The router integration exposes three DSL-callable capabilities backing the CoPresent /router/* admin pages (Source: integrations/router/integration.go):

  • setApiKey — encrypt + persist a BYOK vendor key as v1:platform:partitionSecret (see §2.1 for the activation gap).
  • listModels — flatten every registered provider (text, TTS, STT, embedding modalities) with vendor, model, pricing, context window, and availability into v1:router:modelcatalog rows.
  • listPolicies — dump every routing policy with its ProviderChain(), latency targets, and preferred roles into v1:router:policycatalog rows.
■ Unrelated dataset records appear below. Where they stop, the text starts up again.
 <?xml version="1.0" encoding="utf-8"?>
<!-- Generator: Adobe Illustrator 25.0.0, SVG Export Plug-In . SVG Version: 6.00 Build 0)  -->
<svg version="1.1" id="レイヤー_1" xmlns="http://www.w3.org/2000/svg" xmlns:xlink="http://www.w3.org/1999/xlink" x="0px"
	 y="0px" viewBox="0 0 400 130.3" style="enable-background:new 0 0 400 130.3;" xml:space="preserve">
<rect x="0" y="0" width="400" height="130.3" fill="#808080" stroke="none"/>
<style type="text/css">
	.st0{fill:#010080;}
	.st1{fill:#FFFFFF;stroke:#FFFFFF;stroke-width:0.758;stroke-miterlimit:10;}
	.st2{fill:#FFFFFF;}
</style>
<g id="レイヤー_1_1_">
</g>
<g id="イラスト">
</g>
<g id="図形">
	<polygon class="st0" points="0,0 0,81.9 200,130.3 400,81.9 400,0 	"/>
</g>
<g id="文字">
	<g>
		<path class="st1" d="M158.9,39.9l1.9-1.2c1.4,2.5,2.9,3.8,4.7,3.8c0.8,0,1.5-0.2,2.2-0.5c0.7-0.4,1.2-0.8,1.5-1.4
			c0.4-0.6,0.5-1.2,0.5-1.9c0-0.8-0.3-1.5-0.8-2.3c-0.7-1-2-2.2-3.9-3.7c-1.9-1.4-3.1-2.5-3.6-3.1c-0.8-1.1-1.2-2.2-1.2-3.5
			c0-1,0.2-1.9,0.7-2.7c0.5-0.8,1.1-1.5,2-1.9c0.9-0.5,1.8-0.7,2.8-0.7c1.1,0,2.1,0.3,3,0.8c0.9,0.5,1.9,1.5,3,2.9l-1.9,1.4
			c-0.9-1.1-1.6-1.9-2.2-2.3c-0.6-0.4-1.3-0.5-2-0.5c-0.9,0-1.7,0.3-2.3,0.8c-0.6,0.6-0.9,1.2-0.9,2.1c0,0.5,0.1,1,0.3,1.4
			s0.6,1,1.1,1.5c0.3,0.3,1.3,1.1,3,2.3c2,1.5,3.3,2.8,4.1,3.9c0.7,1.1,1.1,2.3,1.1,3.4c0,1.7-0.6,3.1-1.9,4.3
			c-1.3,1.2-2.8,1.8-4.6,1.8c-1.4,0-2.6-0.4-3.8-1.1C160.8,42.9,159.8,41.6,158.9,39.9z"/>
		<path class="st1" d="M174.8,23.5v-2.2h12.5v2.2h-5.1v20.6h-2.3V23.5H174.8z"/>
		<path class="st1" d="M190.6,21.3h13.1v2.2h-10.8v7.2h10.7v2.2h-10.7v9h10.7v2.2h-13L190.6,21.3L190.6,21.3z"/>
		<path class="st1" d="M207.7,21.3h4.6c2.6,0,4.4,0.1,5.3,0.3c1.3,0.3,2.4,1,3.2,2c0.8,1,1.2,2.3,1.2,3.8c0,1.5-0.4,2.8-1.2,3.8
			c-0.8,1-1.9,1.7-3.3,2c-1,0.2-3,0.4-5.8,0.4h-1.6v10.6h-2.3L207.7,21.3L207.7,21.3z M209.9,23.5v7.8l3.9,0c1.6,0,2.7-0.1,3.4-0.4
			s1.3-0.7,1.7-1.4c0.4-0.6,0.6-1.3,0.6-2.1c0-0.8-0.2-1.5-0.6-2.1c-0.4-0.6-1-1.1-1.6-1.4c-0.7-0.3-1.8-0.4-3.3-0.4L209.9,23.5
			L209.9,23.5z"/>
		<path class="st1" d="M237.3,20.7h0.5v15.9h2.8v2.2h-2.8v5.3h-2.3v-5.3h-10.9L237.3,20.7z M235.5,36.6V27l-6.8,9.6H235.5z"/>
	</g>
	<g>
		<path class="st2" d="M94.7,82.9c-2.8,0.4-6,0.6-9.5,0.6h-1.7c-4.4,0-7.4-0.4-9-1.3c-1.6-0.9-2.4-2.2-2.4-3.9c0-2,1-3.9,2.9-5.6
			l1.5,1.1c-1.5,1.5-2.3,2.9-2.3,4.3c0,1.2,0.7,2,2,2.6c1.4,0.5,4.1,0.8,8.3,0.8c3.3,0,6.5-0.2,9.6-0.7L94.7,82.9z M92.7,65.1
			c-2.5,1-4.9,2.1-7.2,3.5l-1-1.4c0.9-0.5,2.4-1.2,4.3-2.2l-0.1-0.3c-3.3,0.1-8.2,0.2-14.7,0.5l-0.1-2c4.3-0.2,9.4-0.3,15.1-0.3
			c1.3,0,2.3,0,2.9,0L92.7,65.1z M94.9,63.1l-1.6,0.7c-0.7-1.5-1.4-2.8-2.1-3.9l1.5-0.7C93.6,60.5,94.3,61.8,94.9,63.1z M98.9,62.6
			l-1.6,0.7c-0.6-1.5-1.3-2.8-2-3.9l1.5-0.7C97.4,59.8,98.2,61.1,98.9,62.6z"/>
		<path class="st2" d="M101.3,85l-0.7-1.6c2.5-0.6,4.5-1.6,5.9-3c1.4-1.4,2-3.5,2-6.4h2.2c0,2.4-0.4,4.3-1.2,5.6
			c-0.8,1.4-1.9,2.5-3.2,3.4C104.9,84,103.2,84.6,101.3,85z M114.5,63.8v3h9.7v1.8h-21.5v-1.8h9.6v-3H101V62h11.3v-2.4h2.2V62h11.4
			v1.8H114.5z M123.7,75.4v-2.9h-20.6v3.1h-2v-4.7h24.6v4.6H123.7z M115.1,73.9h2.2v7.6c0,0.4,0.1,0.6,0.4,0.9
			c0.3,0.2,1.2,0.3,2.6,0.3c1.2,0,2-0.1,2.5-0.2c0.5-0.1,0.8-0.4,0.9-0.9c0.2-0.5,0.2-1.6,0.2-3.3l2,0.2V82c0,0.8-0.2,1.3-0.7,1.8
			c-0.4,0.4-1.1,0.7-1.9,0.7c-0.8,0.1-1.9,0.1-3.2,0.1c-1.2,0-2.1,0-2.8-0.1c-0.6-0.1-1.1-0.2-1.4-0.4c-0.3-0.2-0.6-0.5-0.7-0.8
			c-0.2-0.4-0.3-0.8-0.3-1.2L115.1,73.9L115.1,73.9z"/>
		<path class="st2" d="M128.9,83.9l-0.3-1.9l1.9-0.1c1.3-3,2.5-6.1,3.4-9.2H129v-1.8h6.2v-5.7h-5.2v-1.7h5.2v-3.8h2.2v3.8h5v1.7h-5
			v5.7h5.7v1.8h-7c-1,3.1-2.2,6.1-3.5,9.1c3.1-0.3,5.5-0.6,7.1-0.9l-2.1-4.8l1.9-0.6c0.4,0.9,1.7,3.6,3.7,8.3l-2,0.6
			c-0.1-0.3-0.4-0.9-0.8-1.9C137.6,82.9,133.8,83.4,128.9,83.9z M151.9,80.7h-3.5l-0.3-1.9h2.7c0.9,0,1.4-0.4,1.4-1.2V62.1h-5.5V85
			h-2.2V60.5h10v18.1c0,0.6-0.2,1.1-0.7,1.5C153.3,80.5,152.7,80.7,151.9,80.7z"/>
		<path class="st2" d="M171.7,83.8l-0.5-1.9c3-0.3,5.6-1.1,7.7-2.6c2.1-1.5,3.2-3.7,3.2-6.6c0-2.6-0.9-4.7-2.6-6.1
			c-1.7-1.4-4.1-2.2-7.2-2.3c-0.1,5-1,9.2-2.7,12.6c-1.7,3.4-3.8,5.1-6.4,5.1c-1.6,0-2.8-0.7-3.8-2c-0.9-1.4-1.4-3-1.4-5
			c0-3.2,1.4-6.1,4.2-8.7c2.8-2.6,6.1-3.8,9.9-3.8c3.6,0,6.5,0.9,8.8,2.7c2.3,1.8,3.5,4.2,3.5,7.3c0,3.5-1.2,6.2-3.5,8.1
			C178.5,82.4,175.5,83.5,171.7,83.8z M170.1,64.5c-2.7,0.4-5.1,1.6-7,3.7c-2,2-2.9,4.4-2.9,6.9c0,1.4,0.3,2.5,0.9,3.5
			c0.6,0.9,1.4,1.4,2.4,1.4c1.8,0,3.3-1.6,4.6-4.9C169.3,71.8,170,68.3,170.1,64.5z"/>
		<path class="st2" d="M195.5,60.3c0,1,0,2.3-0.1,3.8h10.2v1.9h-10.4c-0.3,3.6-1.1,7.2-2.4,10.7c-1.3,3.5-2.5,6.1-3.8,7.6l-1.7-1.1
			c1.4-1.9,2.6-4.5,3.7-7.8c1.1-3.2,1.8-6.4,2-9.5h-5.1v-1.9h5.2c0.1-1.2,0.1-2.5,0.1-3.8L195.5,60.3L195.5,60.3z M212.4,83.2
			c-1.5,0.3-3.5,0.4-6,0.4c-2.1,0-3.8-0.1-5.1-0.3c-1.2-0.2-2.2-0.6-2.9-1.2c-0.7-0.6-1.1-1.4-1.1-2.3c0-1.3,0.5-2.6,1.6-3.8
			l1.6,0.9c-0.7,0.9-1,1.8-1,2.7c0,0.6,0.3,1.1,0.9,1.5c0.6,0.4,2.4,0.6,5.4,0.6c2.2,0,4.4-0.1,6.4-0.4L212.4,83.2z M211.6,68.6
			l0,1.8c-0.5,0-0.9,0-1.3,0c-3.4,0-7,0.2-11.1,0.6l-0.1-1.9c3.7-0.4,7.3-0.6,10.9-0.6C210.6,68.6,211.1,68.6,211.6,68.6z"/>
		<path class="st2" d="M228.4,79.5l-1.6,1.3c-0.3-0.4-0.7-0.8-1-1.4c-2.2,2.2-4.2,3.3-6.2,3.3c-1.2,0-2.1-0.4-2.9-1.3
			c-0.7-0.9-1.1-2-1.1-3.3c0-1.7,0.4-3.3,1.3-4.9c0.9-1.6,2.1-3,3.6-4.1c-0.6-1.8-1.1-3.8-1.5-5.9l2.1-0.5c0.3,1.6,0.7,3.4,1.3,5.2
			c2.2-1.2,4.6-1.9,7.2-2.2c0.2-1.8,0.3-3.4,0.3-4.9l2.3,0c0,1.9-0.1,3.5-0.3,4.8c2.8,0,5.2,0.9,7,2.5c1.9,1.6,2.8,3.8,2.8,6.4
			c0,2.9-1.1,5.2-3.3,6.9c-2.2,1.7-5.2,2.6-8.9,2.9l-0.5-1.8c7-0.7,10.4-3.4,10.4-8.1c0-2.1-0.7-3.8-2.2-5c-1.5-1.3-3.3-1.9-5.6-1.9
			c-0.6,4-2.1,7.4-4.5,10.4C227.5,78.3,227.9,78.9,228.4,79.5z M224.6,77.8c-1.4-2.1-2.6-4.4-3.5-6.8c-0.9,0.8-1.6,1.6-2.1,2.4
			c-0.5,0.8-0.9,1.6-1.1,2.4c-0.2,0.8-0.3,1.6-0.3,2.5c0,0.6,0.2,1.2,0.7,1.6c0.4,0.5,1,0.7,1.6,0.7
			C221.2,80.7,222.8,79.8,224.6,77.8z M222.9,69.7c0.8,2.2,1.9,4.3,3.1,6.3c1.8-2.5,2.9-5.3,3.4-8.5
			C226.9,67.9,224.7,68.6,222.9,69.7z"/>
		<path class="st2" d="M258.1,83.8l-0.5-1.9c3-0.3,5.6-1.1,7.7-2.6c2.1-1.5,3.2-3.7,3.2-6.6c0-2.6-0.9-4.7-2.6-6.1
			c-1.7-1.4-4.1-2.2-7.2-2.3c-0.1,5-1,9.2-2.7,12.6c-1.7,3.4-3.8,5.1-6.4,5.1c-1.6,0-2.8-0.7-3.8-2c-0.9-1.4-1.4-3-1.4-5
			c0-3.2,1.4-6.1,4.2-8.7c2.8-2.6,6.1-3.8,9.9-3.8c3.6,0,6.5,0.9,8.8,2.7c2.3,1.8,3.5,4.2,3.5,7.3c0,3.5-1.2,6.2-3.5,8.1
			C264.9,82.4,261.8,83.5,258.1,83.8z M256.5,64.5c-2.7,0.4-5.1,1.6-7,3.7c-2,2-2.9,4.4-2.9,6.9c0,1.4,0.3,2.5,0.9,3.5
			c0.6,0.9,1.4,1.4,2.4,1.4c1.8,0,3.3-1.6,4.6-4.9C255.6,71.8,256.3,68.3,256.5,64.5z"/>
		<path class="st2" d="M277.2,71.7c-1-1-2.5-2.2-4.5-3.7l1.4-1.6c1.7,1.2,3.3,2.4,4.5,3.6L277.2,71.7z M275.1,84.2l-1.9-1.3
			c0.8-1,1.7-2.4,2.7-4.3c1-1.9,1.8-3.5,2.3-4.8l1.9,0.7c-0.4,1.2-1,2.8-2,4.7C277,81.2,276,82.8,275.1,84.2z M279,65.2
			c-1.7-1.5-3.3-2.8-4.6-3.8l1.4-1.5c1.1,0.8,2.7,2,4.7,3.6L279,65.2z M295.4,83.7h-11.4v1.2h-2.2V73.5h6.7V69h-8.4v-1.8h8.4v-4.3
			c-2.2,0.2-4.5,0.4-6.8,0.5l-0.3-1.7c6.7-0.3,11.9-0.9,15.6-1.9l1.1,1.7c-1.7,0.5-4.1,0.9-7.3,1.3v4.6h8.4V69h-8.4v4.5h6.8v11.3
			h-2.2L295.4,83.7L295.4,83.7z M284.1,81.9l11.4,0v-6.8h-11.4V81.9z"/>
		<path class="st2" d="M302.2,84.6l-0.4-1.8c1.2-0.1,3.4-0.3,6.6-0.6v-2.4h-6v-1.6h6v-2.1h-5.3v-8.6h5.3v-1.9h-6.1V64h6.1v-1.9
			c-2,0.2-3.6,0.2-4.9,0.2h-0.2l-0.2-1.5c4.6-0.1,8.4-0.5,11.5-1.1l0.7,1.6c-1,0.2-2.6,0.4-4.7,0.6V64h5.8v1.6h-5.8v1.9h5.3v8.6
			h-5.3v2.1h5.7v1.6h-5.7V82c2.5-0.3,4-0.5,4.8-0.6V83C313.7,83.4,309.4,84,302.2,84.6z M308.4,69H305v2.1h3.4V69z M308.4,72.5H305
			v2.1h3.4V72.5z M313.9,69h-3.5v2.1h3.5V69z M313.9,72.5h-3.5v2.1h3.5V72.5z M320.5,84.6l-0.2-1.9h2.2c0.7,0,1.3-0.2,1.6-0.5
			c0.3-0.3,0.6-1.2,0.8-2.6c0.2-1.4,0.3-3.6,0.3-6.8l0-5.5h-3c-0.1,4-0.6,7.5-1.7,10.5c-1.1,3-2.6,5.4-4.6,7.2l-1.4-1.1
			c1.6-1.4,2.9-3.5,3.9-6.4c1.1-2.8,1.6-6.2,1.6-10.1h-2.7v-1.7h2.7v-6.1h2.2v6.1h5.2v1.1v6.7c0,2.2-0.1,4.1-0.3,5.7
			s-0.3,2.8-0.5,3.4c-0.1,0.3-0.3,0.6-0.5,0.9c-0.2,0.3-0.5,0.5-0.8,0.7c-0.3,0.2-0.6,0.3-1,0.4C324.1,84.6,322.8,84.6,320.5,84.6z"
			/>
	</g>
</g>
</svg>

9. Summary of resolution paths

CallerResolution mechanismPolicies apply?Fallback chain?
Agent reply (prose, tools)Router ResolveStreamWithTools with PolicyNameYesYes (pre-flight)
si() / InvokeSIStructured prompt@defaultProvider resolved as registry provider nameNoGraceful provider-class fallback (not policy chain)
EmbeddingsEmbeddingProvider(name), default embedding3SmallNoNo
TTSTTSProviderByName / modality scan (real registry client)NoNo
STTNot a registry path — integrations/stt/ package (openai_whisper.go etc.); the whisper1 registry provider is a placeholderNoNo
Voice turnRouter with lowLatencyVoice policy (via voice_mode hint)YesYes

The two systems to keep distinct: provider names (registry entries, what a .memql provider declares and what si() resolves) versus policy names (chains in dsl/policies/policies.memql, consumed only by the router's reply/voice path). The agentFactoryAnalyze case in §7.2 is exactly the bug you get when those two namespaces are crossed.